O quarteto Harry (Hansen, Johnsson, César e Verta) fazia rock eletrônico. É deles meu verso preferido do rock brasileiro: "Radio waves are driving me insane" (as ondas de rádio estão me enlouquecendo), de "Lycanthropia" (1988).
Imagino o curto-circuito neuronal de um ouvinte estrangeiro tentando entender como uma banda do Brasil litorâneo podia fazer rock influenciado pela eletrônica proto-industrial de Chrome e Kraftwerk. Falar nas letras de morte, desesperança e depressão.

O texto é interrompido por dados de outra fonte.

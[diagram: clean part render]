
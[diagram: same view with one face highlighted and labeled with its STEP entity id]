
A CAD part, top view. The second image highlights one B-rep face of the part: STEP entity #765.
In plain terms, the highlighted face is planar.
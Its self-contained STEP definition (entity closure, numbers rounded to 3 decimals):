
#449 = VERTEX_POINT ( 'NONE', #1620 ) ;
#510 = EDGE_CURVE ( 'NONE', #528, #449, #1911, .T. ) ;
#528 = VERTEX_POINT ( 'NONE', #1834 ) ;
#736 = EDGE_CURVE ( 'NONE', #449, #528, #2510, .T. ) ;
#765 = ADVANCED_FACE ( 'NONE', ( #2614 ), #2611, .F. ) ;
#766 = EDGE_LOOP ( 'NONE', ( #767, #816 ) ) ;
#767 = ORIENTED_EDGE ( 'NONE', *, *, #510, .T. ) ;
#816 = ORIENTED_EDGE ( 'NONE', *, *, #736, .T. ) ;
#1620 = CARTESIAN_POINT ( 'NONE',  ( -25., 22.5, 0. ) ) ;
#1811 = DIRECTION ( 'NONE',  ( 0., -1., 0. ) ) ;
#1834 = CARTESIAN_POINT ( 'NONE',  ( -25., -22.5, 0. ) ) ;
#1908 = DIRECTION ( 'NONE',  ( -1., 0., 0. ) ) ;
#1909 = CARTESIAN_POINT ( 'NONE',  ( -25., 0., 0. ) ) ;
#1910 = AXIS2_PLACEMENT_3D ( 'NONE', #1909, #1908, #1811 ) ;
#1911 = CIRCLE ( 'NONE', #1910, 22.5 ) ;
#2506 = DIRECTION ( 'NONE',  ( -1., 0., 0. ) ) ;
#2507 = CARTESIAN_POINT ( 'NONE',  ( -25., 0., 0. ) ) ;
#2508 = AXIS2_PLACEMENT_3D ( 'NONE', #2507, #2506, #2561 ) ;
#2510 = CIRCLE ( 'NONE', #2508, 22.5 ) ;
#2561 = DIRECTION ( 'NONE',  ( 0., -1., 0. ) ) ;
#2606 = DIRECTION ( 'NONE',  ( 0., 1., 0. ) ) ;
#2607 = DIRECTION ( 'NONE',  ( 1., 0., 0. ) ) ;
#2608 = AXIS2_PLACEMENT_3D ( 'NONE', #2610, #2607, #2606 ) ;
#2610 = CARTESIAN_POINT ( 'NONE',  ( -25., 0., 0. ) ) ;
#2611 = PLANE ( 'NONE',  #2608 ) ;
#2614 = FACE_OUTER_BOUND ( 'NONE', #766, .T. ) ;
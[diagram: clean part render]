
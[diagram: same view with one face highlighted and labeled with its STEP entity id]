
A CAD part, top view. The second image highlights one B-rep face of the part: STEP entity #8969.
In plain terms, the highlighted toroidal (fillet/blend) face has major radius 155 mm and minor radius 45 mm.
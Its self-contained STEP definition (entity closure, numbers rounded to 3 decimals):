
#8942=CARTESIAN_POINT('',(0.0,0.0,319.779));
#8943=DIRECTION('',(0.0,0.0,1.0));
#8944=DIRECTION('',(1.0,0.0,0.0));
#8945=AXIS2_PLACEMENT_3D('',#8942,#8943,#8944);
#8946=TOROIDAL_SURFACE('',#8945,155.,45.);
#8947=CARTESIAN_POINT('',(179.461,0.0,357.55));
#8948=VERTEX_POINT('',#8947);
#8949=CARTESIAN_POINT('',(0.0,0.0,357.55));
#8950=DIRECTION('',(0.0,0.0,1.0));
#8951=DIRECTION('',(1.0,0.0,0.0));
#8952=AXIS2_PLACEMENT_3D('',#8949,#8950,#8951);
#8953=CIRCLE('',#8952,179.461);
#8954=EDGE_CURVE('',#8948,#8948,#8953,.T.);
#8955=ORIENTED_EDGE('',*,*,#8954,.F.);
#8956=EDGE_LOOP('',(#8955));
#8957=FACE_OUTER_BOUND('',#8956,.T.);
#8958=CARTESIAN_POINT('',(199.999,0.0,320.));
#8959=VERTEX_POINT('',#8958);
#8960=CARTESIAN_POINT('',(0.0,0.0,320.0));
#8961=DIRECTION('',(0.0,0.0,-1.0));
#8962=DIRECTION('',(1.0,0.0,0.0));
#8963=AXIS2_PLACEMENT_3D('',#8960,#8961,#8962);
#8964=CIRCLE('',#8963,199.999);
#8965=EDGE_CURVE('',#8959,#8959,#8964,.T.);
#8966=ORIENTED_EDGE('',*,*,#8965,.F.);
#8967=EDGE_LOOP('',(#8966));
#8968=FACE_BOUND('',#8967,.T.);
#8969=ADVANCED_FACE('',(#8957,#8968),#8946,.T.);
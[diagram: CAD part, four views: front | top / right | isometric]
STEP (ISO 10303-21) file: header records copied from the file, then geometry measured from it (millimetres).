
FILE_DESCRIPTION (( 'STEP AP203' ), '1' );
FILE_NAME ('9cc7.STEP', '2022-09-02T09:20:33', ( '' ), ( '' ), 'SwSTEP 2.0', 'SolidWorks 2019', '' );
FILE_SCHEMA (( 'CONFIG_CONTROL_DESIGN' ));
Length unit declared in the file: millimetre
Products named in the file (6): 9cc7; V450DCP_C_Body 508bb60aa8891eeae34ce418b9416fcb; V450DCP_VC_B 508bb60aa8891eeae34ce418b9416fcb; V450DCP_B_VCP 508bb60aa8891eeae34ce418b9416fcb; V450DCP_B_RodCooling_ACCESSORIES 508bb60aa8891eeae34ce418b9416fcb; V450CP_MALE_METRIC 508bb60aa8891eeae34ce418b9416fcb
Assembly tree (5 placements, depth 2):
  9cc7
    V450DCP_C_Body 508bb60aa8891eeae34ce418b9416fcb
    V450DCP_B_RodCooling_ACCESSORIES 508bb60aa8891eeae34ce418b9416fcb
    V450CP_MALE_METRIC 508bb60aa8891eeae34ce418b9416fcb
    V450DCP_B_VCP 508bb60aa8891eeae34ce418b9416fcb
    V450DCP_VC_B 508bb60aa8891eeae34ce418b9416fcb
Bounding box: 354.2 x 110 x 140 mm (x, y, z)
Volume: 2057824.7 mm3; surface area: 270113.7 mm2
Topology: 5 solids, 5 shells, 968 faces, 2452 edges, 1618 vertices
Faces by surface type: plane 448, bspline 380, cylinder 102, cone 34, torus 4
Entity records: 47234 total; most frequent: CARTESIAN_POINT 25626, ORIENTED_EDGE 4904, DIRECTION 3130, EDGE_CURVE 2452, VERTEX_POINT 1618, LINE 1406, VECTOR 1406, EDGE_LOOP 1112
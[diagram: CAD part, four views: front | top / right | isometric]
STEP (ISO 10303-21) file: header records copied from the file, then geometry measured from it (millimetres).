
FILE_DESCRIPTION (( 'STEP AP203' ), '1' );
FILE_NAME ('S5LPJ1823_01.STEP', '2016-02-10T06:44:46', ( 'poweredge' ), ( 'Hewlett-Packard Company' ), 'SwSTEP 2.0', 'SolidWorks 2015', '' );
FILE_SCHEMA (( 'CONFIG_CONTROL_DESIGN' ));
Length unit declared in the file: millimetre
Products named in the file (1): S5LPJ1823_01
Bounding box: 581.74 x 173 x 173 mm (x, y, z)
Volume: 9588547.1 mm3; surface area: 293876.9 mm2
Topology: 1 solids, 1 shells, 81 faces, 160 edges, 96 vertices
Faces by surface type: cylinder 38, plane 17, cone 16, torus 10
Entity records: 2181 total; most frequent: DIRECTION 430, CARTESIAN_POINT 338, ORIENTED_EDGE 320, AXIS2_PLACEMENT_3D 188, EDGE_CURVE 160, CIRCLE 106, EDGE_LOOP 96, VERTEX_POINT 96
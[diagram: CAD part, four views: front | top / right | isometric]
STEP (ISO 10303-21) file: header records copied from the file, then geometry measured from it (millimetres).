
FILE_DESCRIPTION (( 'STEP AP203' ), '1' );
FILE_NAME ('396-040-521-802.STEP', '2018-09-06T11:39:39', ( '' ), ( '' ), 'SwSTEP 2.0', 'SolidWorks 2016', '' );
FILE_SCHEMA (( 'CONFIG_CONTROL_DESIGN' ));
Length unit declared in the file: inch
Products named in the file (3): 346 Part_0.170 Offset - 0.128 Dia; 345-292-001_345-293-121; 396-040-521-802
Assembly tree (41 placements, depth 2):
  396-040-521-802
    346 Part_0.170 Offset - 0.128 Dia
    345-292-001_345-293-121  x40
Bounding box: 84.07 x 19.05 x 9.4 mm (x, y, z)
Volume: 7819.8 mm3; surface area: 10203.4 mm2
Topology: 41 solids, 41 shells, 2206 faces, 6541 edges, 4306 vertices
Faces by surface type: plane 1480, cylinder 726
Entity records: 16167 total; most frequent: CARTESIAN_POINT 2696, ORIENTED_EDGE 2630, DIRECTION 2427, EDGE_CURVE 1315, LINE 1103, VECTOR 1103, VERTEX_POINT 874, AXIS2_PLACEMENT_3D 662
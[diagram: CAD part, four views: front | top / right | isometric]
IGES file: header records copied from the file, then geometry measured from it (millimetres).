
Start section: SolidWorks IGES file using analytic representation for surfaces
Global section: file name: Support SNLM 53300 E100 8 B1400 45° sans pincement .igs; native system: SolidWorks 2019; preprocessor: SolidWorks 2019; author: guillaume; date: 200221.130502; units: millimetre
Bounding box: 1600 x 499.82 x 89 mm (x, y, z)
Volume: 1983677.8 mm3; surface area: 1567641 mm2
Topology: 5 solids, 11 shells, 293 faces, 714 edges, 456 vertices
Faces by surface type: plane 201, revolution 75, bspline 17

E de compor num inglês correto.
Pesquisando na internet, encontrei um texto de um DJ australiano que tocou Harry em seu programa para provar a tese de que, muitas vezes, a localização geográfica de uma banda pouco ou nada influencia seu som.
Escrevo esta coluna escutando o já mencionado "Fairy Tales". Fico surpreso como essas canções envelheceram bem. Surpreenda-se você também: www.harrynet.com.br.

CD PLAYER

PLAY - "Taxidermy", Harry
Difícil imaginar que um som eletrônico feito há quase 20 anos ainda soe tão contemporâneo. A fonte: www.fiberrecords.com.br

PAUSE - Arctic Monkeys na KCRW
Veja e ouça a banda mais hypada da história da civilização cristã. Aí me conte se gostou: http://kcrw.com/smil/mb051118Arctic-Monkeys.ram.

EJECT - Seu Jorge no festival de Coachella
Quer dizer... esse "eject" deveria ser "play". "Play" para a esperteza desse cara, cujo único talento é saber se descolar.